Question

Two short dipoles \( (A, B) \), \( A \) having charges \( \pm 2\,\mu\text{C} \) and length \( 1\,\text{cm} \) and \( B \) having charges \( \pm 4\,\mu\text{C} \) and length \( 1\,\text{cm} \) are placed with their centres \( 80\,\text{cm} \) apart as shown in the figure. The electric field at a point \( P \), equidistant from the centres of both dipoles is \underline{\hspace{2cm}} N/C.

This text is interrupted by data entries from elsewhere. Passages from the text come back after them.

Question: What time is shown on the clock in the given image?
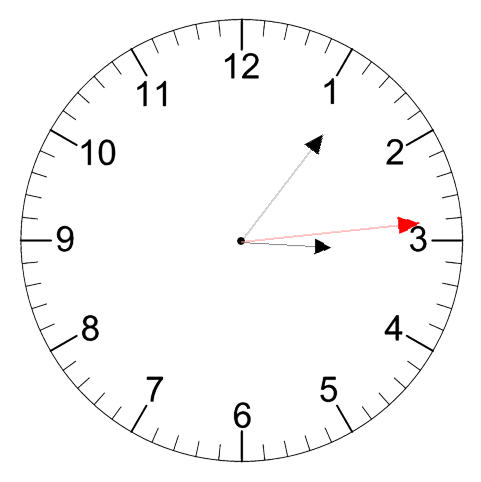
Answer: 03:06:14
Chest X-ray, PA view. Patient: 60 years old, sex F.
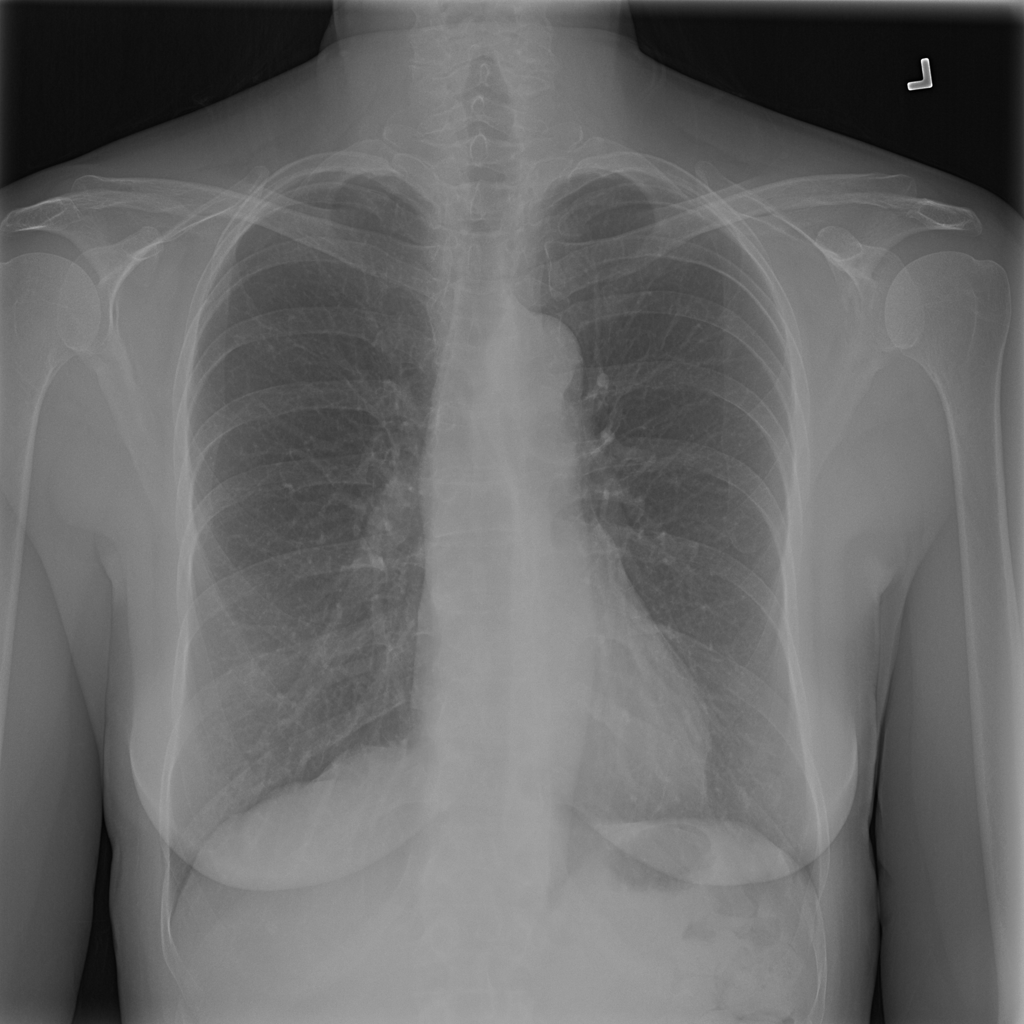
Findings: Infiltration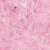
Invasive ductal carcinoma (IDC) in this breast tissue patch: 0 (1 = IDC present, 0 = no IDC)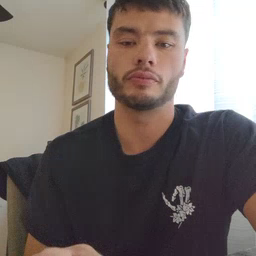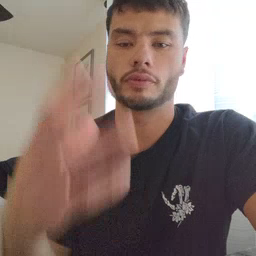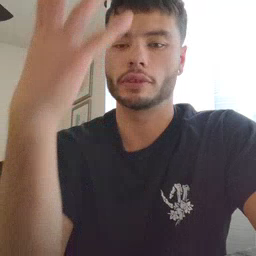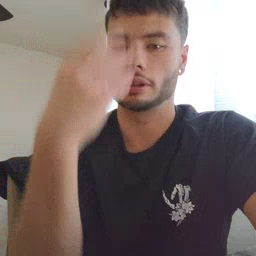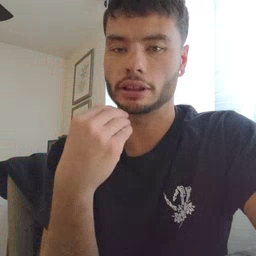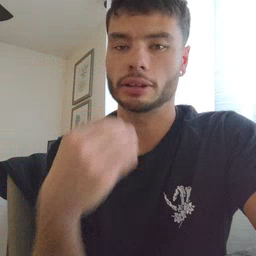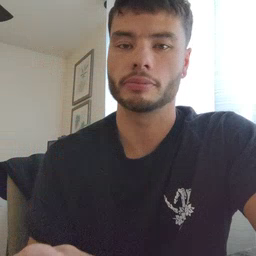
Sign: sleep
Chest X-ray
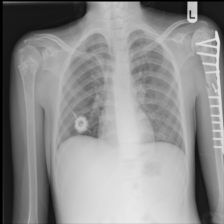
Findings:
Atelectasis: negative
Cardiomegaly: negative
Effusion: negative
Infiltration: negative
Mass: negative
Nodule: negative
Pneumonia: negative
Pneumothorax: negative
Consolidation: negative
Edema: negative
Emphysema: negative
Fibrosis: negative
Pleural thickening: negative
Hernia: negative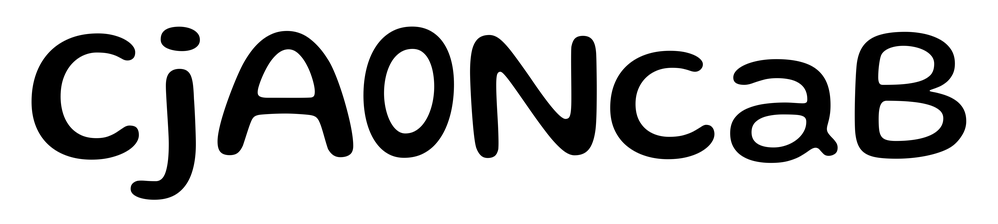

• A. $4.5\sqrt{2} \times 10^4$
• B. $9\sqrt{2} \times 10^4$
• C. $\frac{9}{16}\sqrt{2} \times 10^5$
• D. $\frac{9}{16}\sqrt{2} \times 10^4$

Hint:

Axial field is twice the equatorial field for same distance and dipole moment.

Answer 1

The Correct Option is D

$r = 0.4$ m. $p_A = 2 \times 10^{-8}$. $p_B = 4 \times 10^{-8}$.
$E_A$ (Axial) $= 2kp_A/r^3 = 4k \times 10^{-8}/r^3$.
$E_B$ (Equatorial) $= kp_B/r^3 = 4k \times 10^{-8}/r^3$.
$E_{net} = E \sqrt{2}$.
$E = \frac{9 \times 10^9 \times 4 \times 10^{-8}}{0.064} = 5625$.
$E_{net} = 5625\sqrt{2} = \frac{90000}{16}\sqrt{2} = \frac{9}{16}\sqrt{2} \times 10^4$.